Background information
- Also known as: Waylon Reavis
- Born: September 19, 1978 (age 47) Wilkesboro, North Carolina, U.S.
- Genres: Alternative metal, industrial metal, nu metal
- Occupation: Singer
- Years active: 1999–present
- Labels: Eclipse, Universal, Megaforce, EMP Label Group MNRK Heavy
- Member of: A Killer's Confession; The Ex-Faces;
- Formerly of: Mushroomhead; 3 Quarters Dead; Tenafly Viper;

= Waylon Reavis =

American vocalist

Waylon Reavis (born September 19, 1978) is an American musician best known for being a former vocalist for American heavy metal band Mushroomhead.
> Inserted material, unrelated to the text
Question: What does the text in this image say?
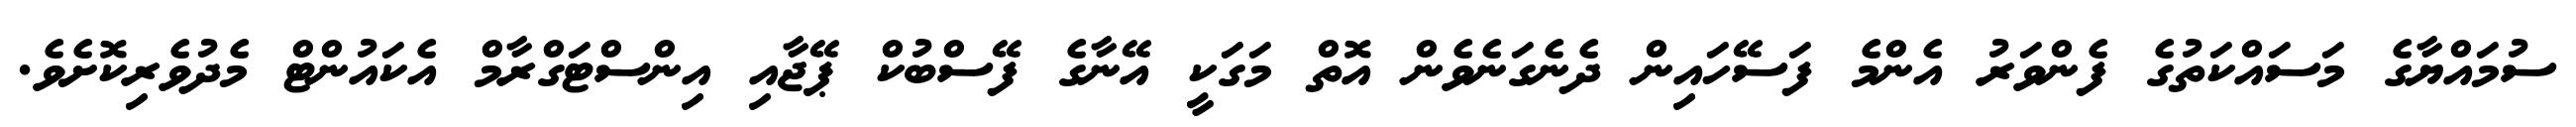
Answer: ސުމައްޔާގެ މަސައްކަތުގެ ފެންވަރު އެންމެ ފަސޭހައިން ދެނެގަނެވެން އޮތް މަގަކީ އޭނާގެ ފޭސްބުކް ޕޭޖާއި އިންސްޓަގްރާމް އެކައުންޓް މެދުވެރިކޮށެވެ.

He was in Mushroomhead from 2004-2015 and with them released three albums: Savior Sorrow (2006), Beautiful Stories for Ugly Children (2010), and The Righteous & the Butterfly (2014). He has also performed vocals for the Cleveland-based band Tenafly Viper and the alternative rock band 3 Quarters Dead. Reavis starred in the 2011 movie horror 13th Sign.

In September 2016, Reavis announced that his new project A Killer's Confession had signed to Megadeth bassist David Ellefson's EMP Label Group, and that their debut album Unbroken would be released in 2017.

== Mushroomhead ==
Reavis joined Mushroomhead in 2004, taking over vocalist duties from Jason Popson. Reavis remained in the band even after J Mann announced his return in 2013. He is identified by his facepaint and masks, all consisting of a swallow on his forehead.
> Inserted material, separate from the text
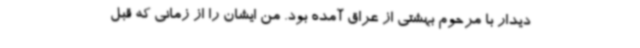
دیدار با مرحوم بهشتی از عراق آمده‌ بود. من ایشان را از زمانی که قبل

Reavis announced on his Facebook fan page on October 5, 2015, that he was leaving Mushroomhead.

- Savior Sorrow – 2006
- Beautiful Stories for Ugly Children – 2010
- The Righteous & the Butterfly – 2014

== A Killer's Confession ==
In September 2016, Reavis announced on Facebook, then via press release, that his new project A Killer's Confession had signed a deal with EMP Label Group, which would release their debut album Unbroken in the spring of 2017. The album was partially recorded and mixed at Kentucky's Third Sky Studio with Reavis and co-producers Thom Hazaert and Richard Easterling.

On Halloween 2016, A Killer's Confession released their debut single "A Killer's Confession", featuring a guest performance by Korn guitarist Brian "Head" Welch.

The band performed a hometown show at the Cleveland Agora on December 17.

Discography
- 2017 – Unbroken
- 2019 – The Indifference of Good Men
- 2021 - Remember
- 2024 - Victim 1
- 2025 - Victim 2

== Other work ==
In March 2021, Reavis collaborated with electronic music producer Boom Kitty on the song It Takes Me, which was released as part of Beat Saber's fourth in-game original album. Reavis also worked with Boom Kitty on the song Don’t Question Me in October of the same year.